Or turn one of these big ugly cutovers into a state park, and instead of boring old hiking and outdated activities like that, tourists could dance around out there seeing if they could avoid stepping on sharp stobs. This is on the same model as the Crater of Diamonds State Park, only it’s the avoidance mode where that is the acquisition mode. I think it would be every bit as popular.

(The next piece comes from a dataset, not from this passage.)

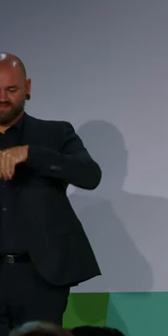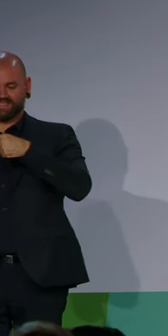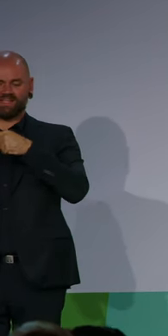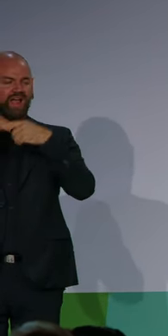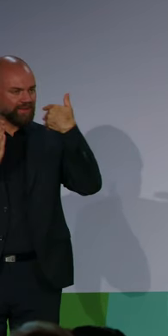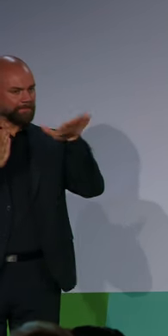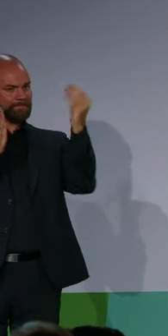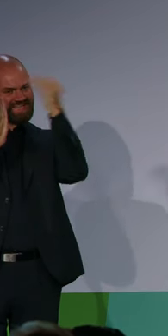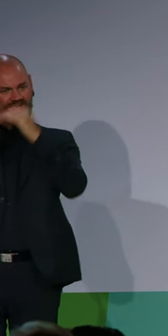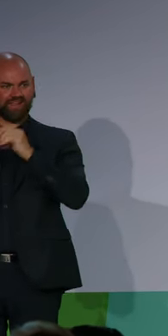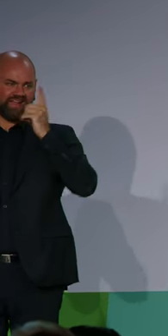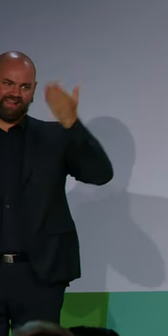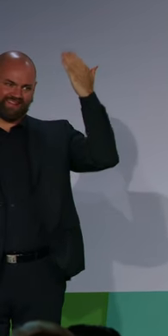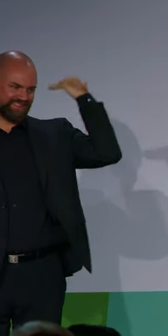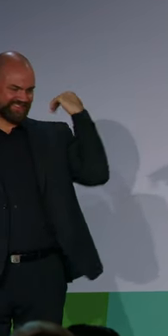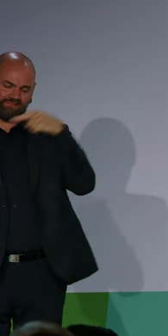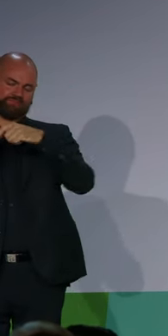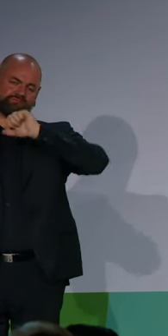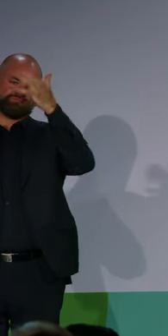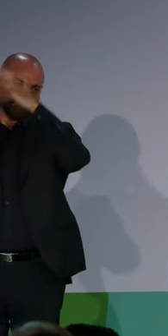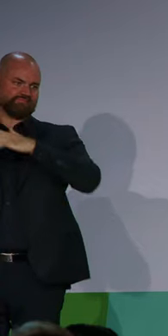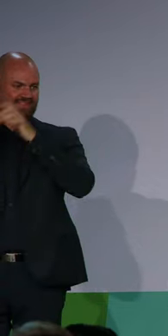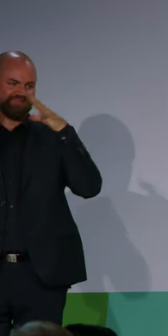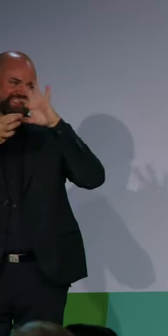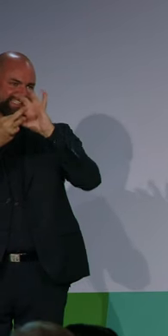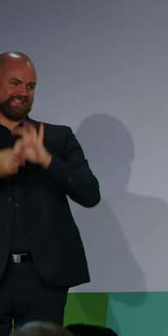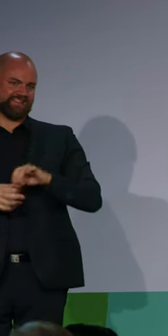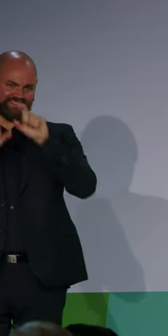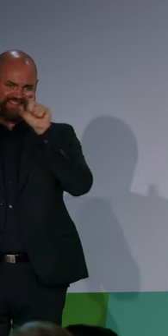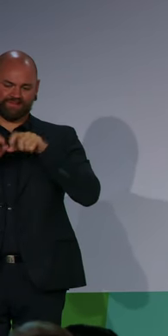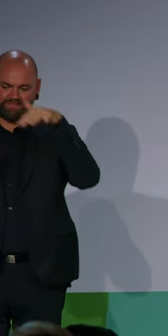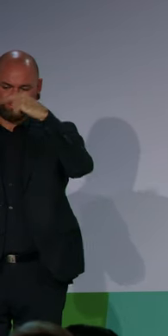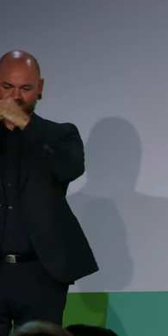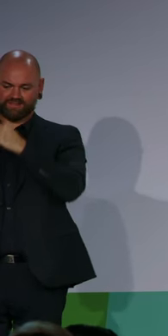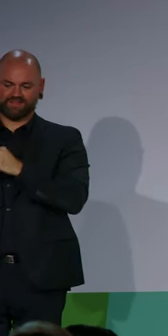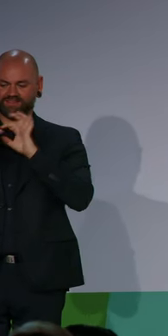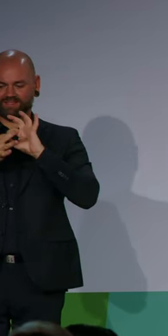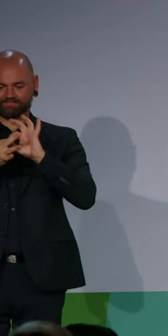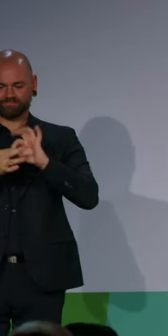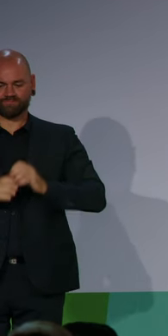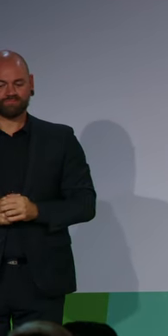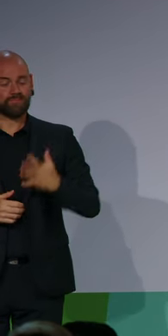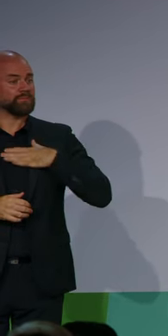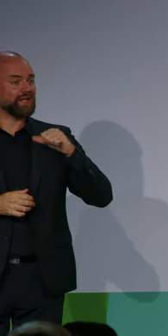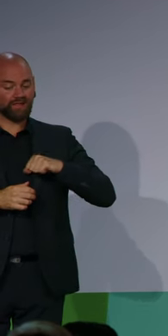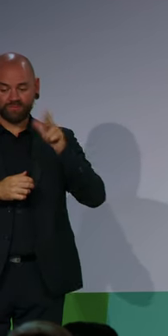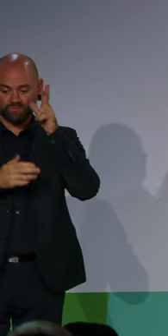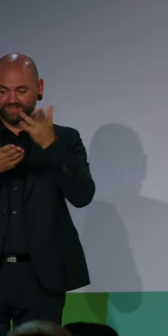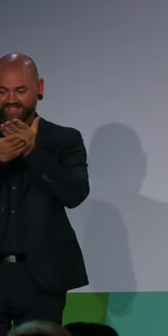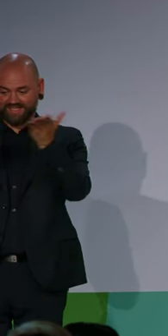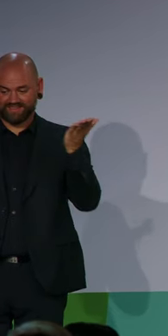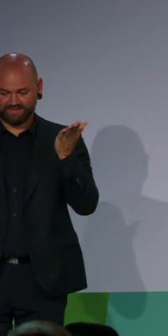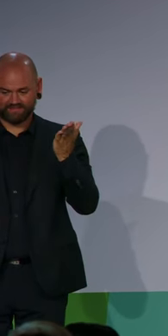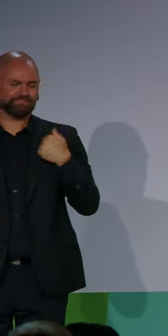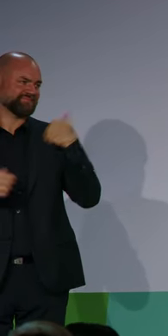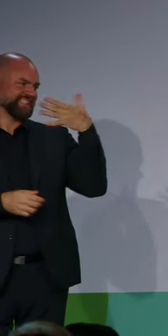Meine Damen und Herren, ich weiß nicht, wie es Ihnen geht. Ich war in Paris bei den Paralympischen Spielen, wir sind vor ein paar Tagen zurückgekommen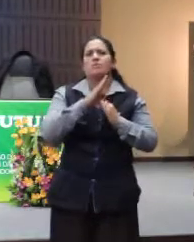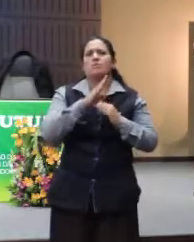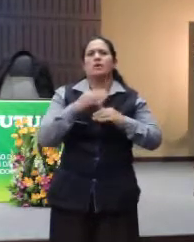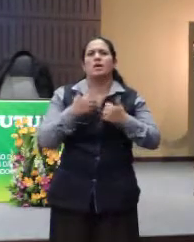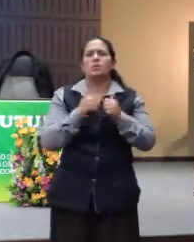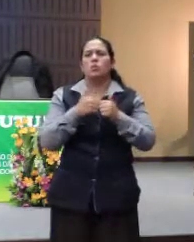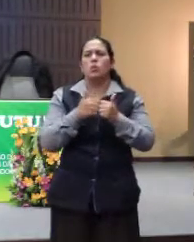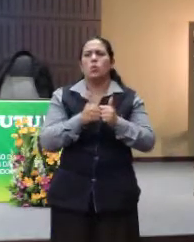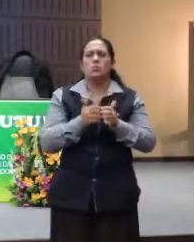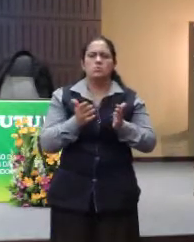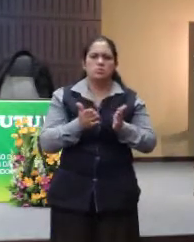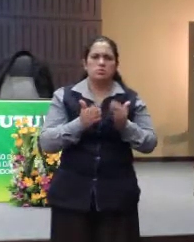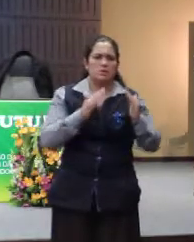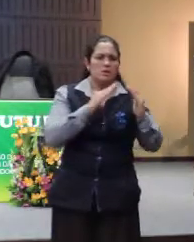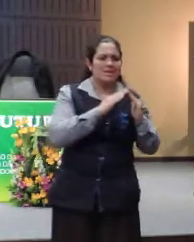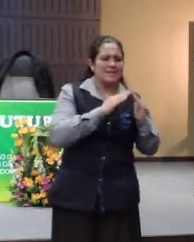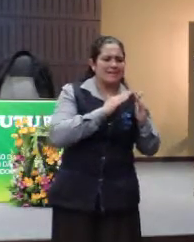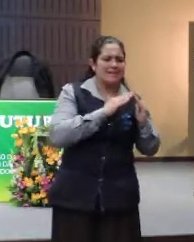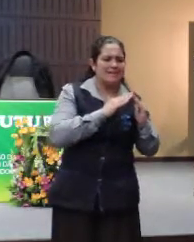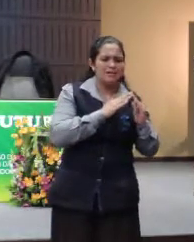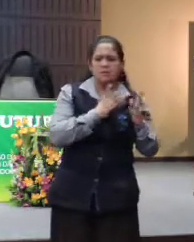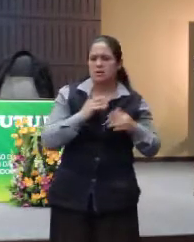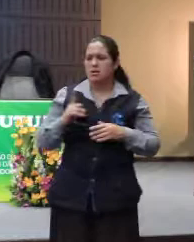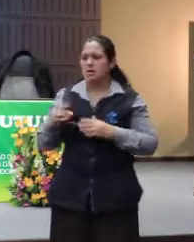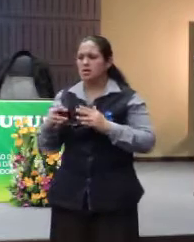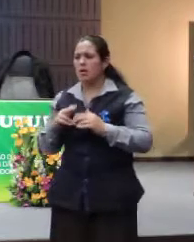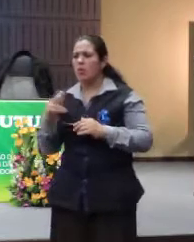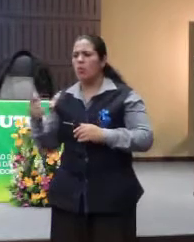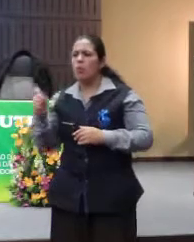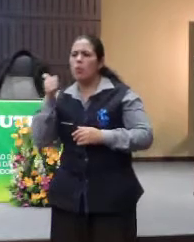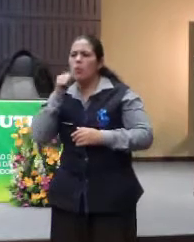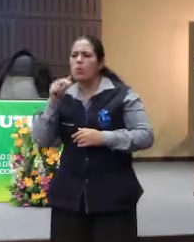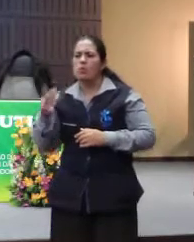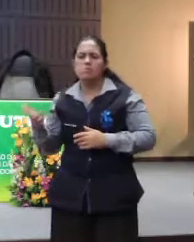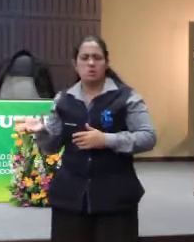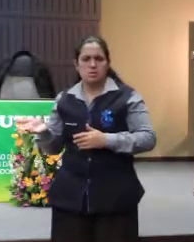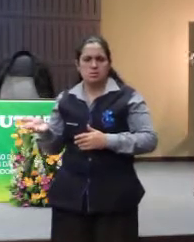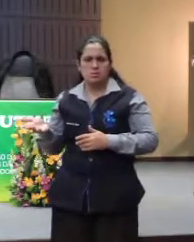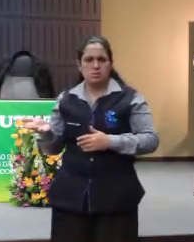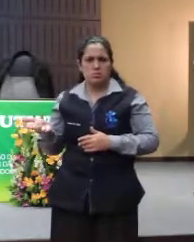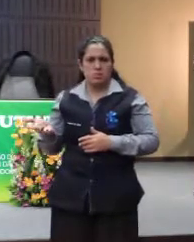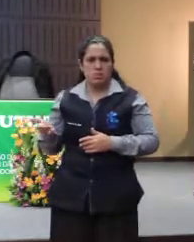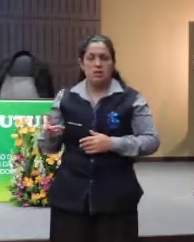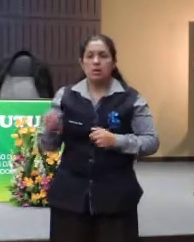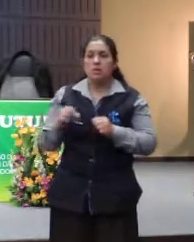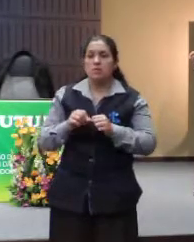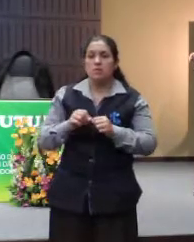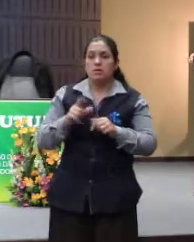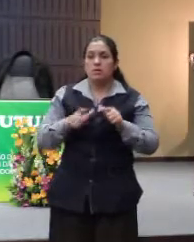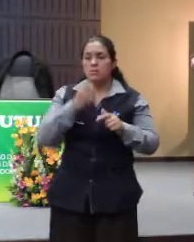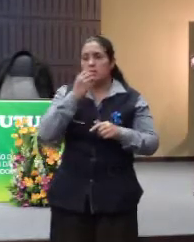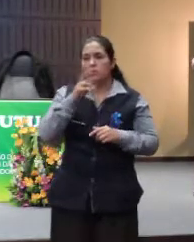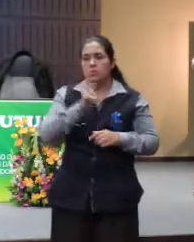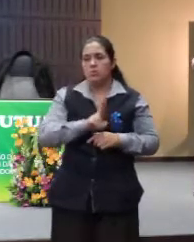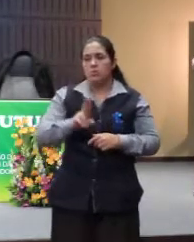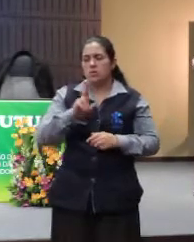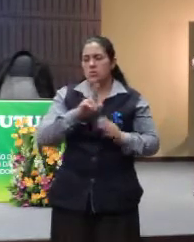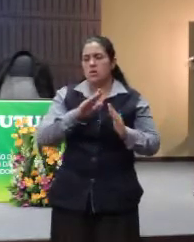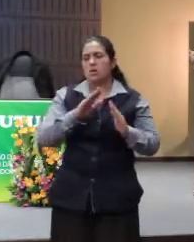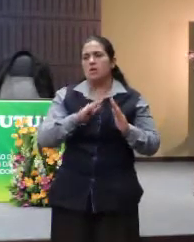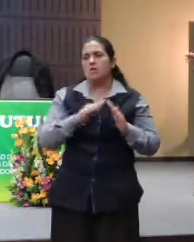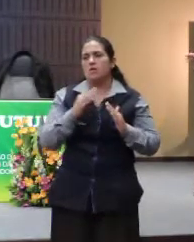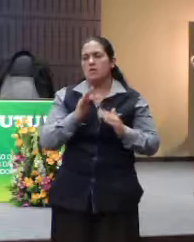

We could turn some of these big old empty mud flats and adjoining fallow crop fields into a state park where youngsters — and overgrown youngsters — could take their ATVs and tear up muddy terrain to their hearts’ content. This would save damage to the forests and wetlands and roadsides, and would promote public safety. It would also promote family values, always a legislative priority, by fostering family togetherness; that is, a kid who’ll balk at spending the weekend in a moldy old state park cabin in the woods will be much more agreeable to a family outing in which he gets to make a lot of racket and a big mess and that satisfies his craving for malicious mischief.

Instead of more parks with Indian mounds and scenic hillsides of windblown loess, how about one that features giant mounds of all this excess chicken doo? Such a park could have a drive-through tourist trail like Vicksburg. I can see Mount Rushmore-type chicken-doo visages carved into chickendoo bluffs and escarpments, and many other interesting features.

Building such a park would give our arts-and-crafts community a monumental challenge and a welcome change of pace from their same-old same-old of making wicker baskets and lye soap and whanging on banjos. The environmental benefit is obvious, and maybe bringing the construction material to a central location would mollify all those whiner Oklahomans who don’t recognize the smell of money.